3. The method for temporal T-SPARQL query and inference based on Pregel of claim 1, wherein step (2) is query order optimization, and the implementation method comprises:

an analytical cost model is presented that uses statistics on a graph of temporal attributes in conjunction with estimates on the time spent in different phases of a distributed execution plan to estimate the execution times of different plans for a given query. Based on the number of vertices and edges that are active and matched, our cost model will estimate the runtime of each super step of the plan. Graph statistics we maintain statistics about the temporal attribute graph to help estimate vertices and edges that match a particular query predicate.

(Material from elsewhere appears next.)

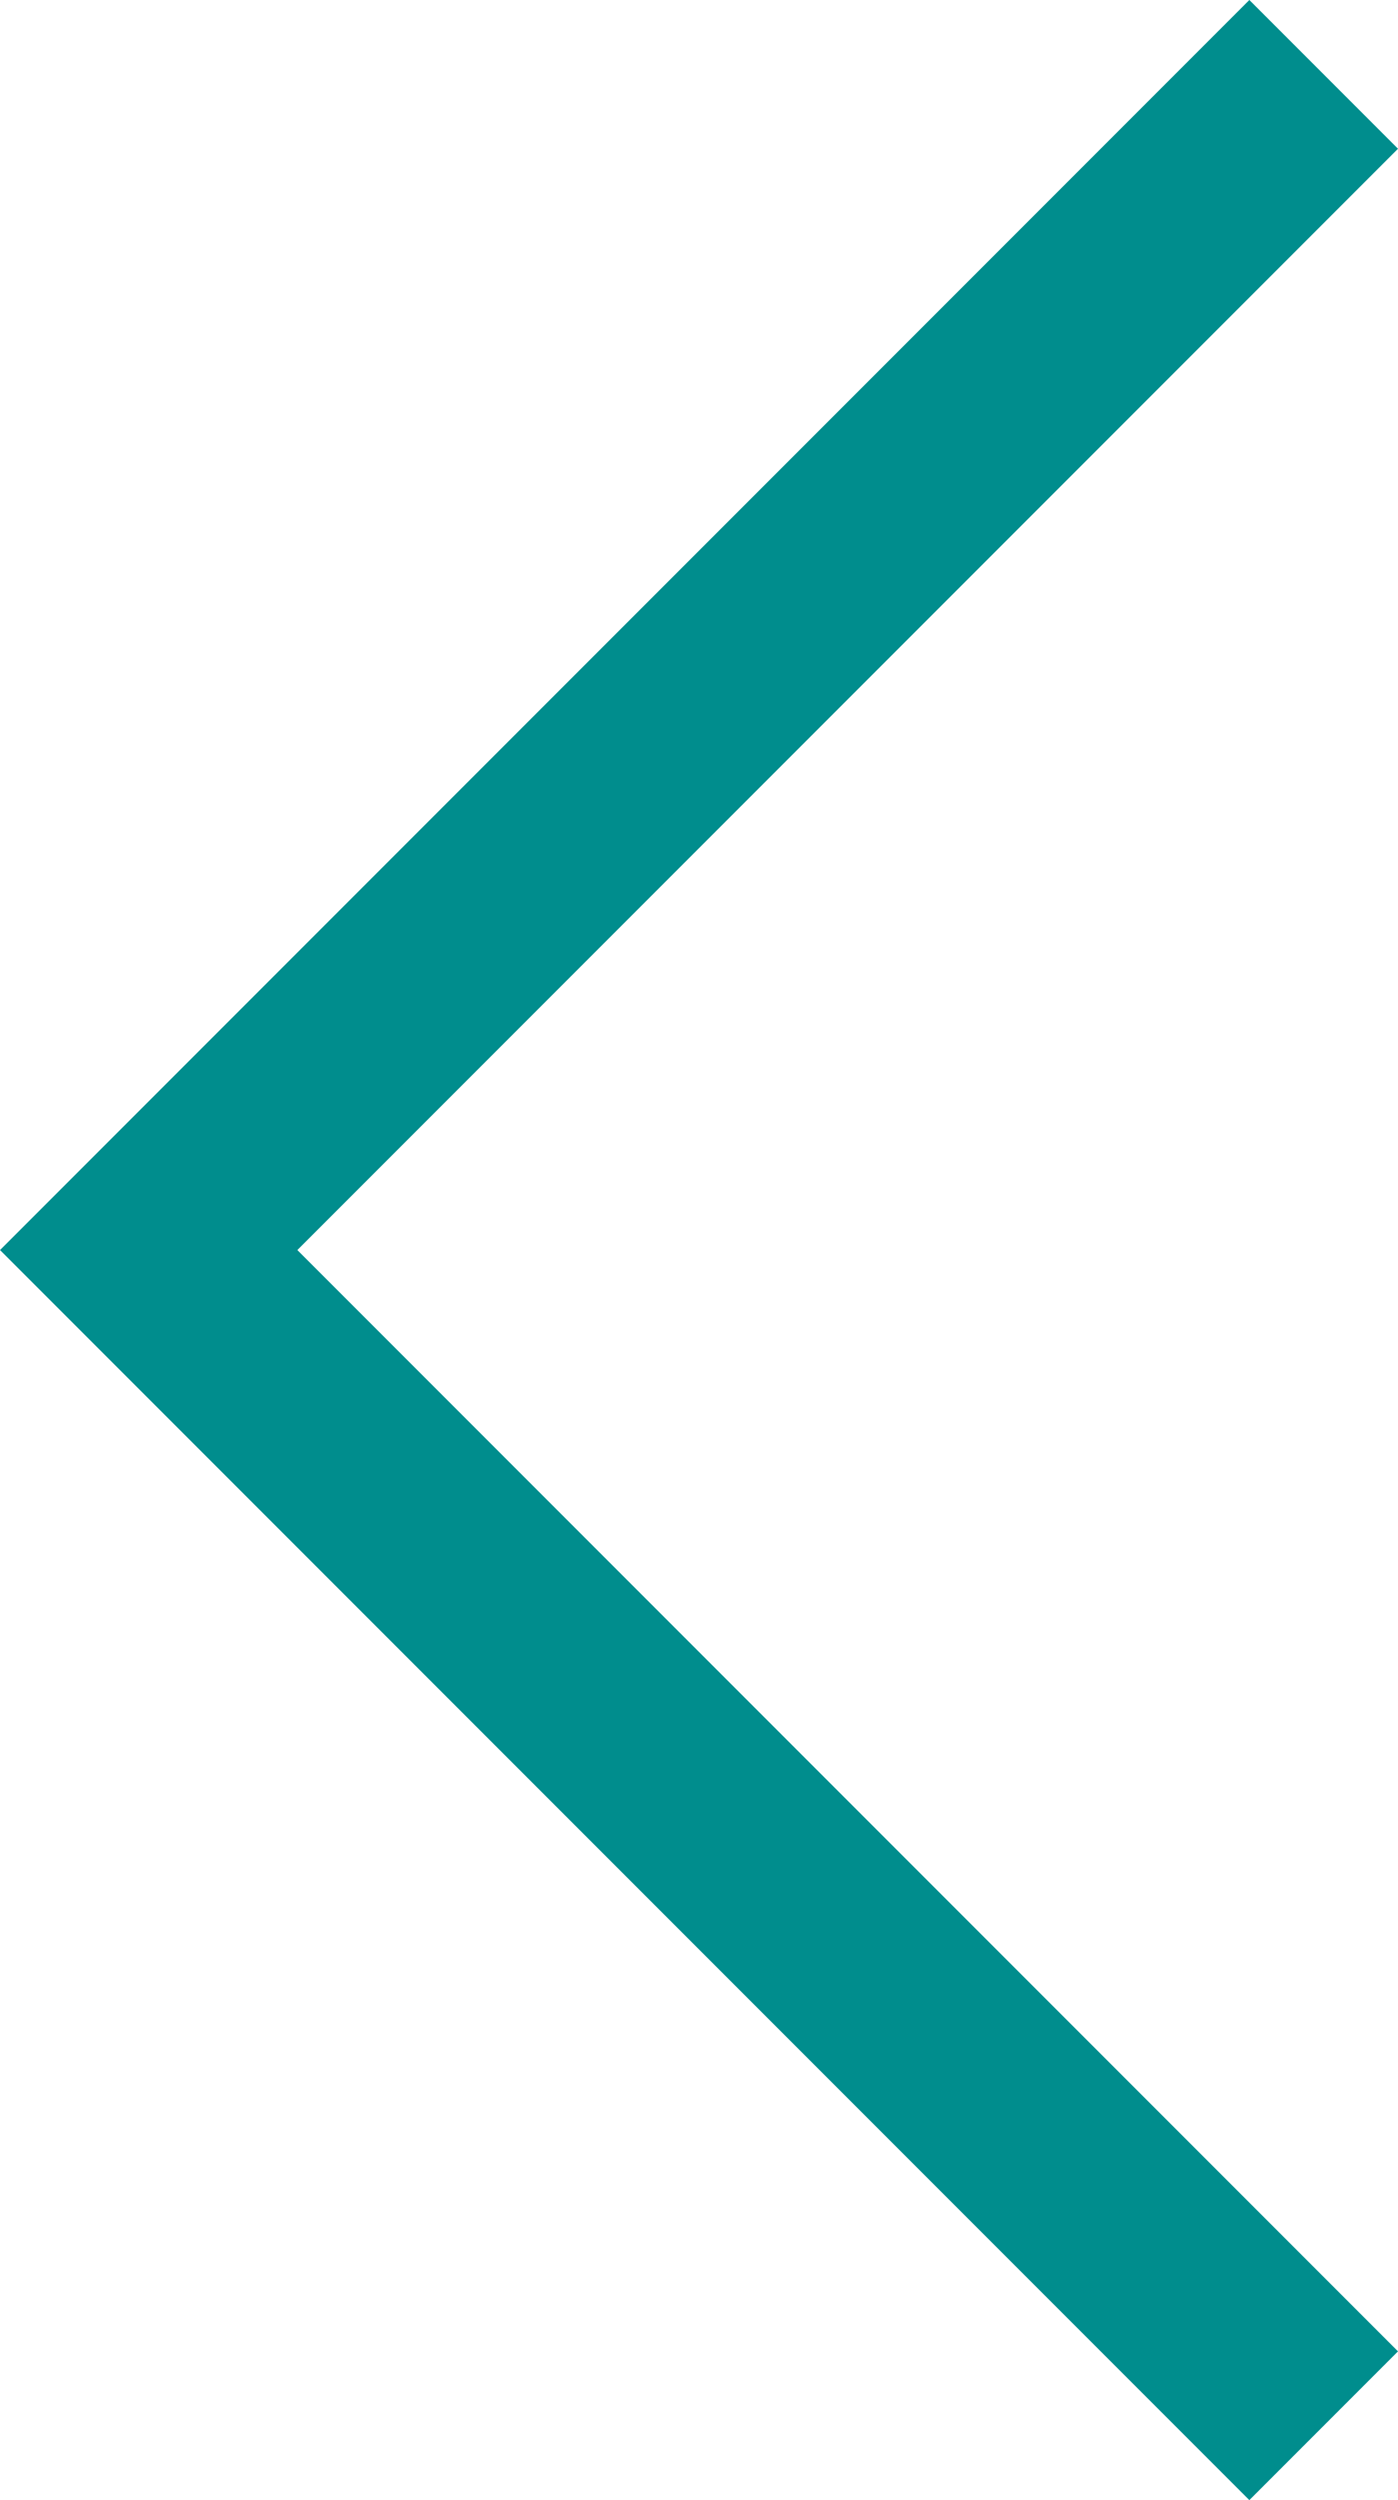 <svg xmlns="http://www.w3.org/2000/svg" width="26.598" height="47.539" viewBox="0 0 26.598 47.539">
  <path id="Path_35" data-name="Path 35" d="M16005.809,10419.581l-22.355,22.355,22.355,22.355" transform="translate(-15980.625 -10418.167)" fill="none" stroke="#008d8d" stroke-width="4"/>
</svg>

4. The method for temporal T-SPARQL query and inference based on Pregel of claim 1, wherein step (3) is vertex computation and message aggregation, and the implementation method comprises:

(4-1) vertex calculation:

the proposed T-SPGX algorithm generates a corresponding query plan according to a given T-SPARQL query, the query plan comprises two aspects of predicate label matching and time information filtering, and different time filtering methods are adopted for a single temporal triplet mode and a plurality of temporal triplet mode connection queries. Receiving the message sent by the vertex in the previous super step, aggregating the messages, updating the attribute value of the vertex, generating a new message, and sending the new message and the matched new message to the next vertex

(4-2) message aggregation:

when a vertex receives messages from different source vertices, the vertex computation and message delivery diagram of fig. 4 may be referenced to aggregate the messages at the vertices.

5. The method for temporal T-SPARQL query and inference based on Pregel of claim 1, wherein step (4) is a query-to-result inference, the method comprises:

the semantic meaning of the time knowledge graph is given by expanding the model theory semantic meaning of the RDF graph. And reasoning the temporal RDF data by utilizing subclasses and sub-attributes in the semantic hierarchy of the temporal RDFS, reasoning implicit results in the existing explicit query results, and expanding a query result set.